Ответственный дежурный, пожилой старший лейтенант, разобравшись с очередным задержанным из парка, вздохнул:
— Ох уж эти дружинники! Да половину доставленных сюда людей им бы по домам из пикета отправить, а то и вовсе не задерживать, лишними придирками не портить отдыхающим воскресного настроения!
По телефону Орешин посоветовал это Потапкину, заодно дал приметы похищенного у девушки фотоаппарата «Киев», возможно, с оборванным ремешком и с тремя семерками в конце заводского номера.
— Зря доверяете дружинникам такую оперативную информацию! — заметил, Николаю дежурный. — Теперь они откроют настоящую охоту за фотоаппаратами, приведут десятки «подозрительных» лиц — поползут по городу слухи, что у нас на улицах грабят, отбирают фотоаппараты!
— Ну и что? Паника будет? Дудки! Не те теперь люди, — вмешался в разговор Мухачев. — Это пусть грабители боятся. Вот мы с Николаем той ночью… патрулировали, в общем, когда фотоаппарат этот… Короче, с девушкой Наташей был парень. И он не побоялся четверых, бросился в погоню! Я что хочу сказать? Не доверять дружинникам мы просто не имеем права.

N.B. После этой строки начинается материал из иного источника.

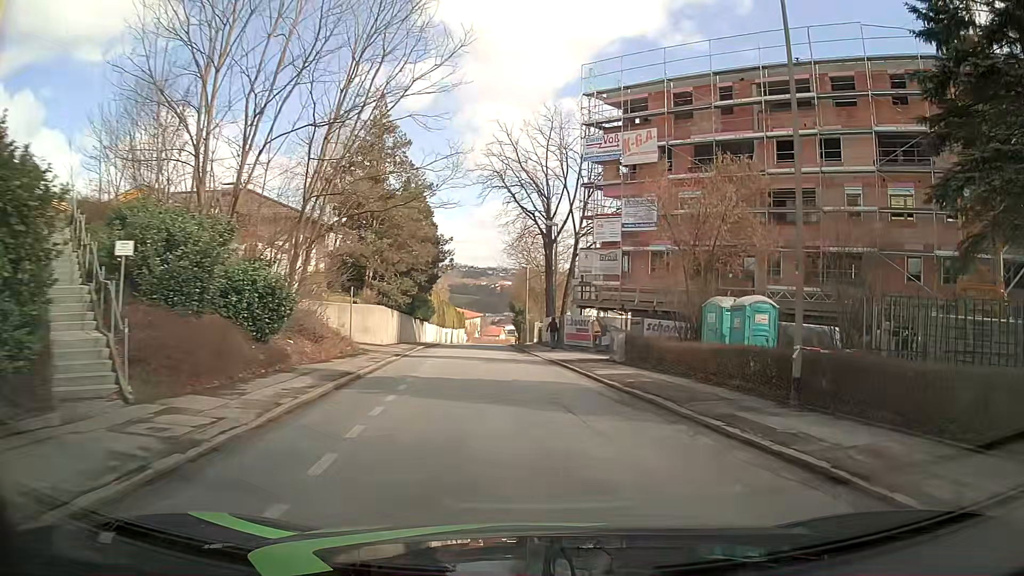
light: Day
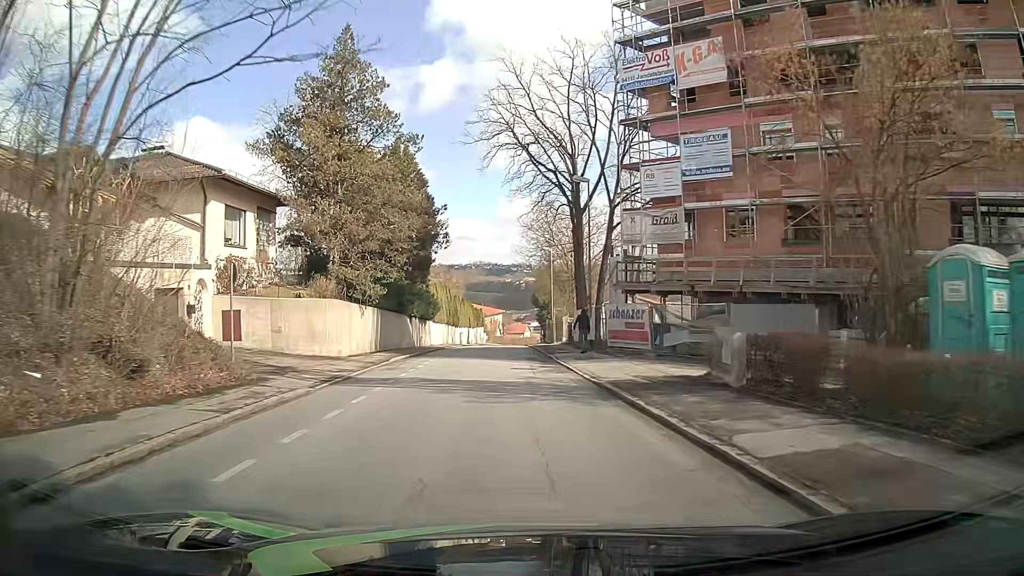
(-0.3, +12.7) m; -3°
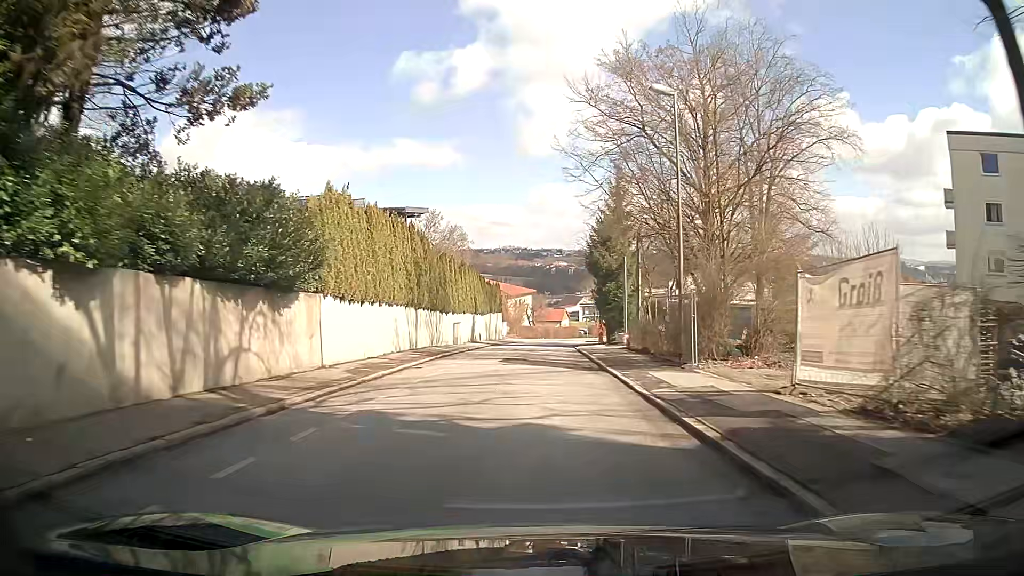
(-1.7, +38.1) m; -3°
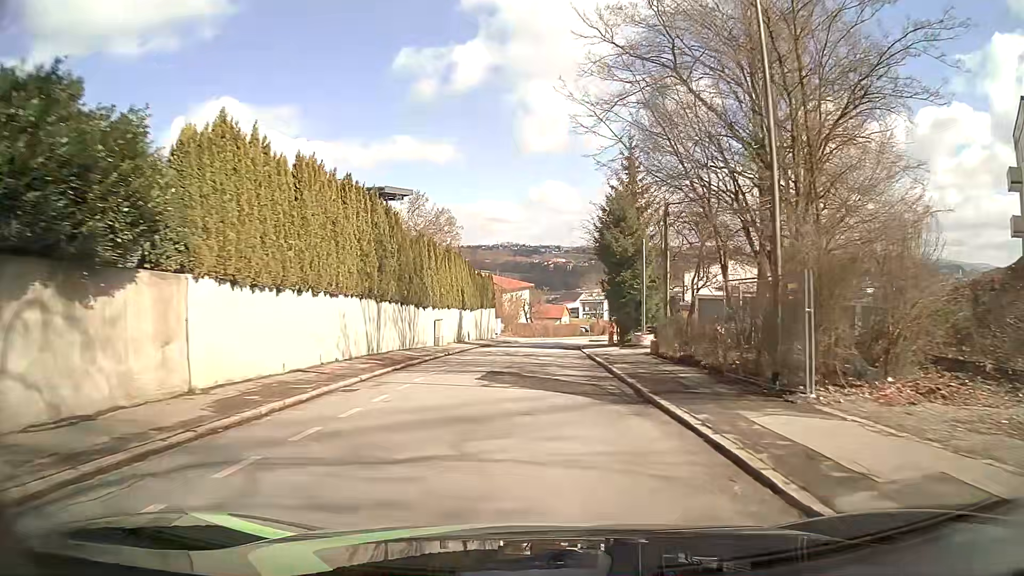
(+0.1, +7.9) m; +1°
(0, +10) (0, +20) (0, +30) (+1, +40) (+2, +50) (+3, +60) (+5, +70) (+8, +79) (+10, +89) (+13, +98) m

— А Потапкин?! — волновался Орешин. — Вы же знаете, что это опытный, честный, боевой человек!
— Знаем, знаем Потапкина, отлично знаем! — улыбнулись тут и дежурный и находящиеся в комнате милиционеры.

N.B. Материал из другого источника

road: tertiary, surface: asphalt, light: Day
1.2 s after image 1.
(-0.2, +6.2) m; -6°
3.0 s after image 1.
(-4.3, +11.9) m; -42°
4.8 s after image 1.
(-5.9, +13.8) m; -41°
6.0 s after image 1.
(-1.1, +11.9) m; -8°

— И нет здесь ничего смешного! — обиделся Орешин.
— И между прочим, Потапкин в свое личное время успевает больше, чем некоторые в служебное! — поддержал его Мухачев и тут же обернулся к милиционеру, получавшему оружие Перед уходом на пост: — Вот вы, сержант Гурко, когда напишете рапорт о происшествии у гастронома? Там же не разобраться, а вы рядом были!..
Сержант замялся, стал как-то оправдываться — Николай Орешин этого уже не слышал, привлеченный вдруг разговором дежурного с кем-то по телефону. Старший лейтенант, записывая, вслух повторил знакомые имена: Орлов Степан, Остапенко Галина…
— А в чем тут дело? — поинтересовался Николай.
— Некий Орлов дебоширит на квартире знакомой девушки, убил собаку хозяев дома, не уходит… Поезжайте с лейтенантом Мухачевым, да долго не задерживайте машину.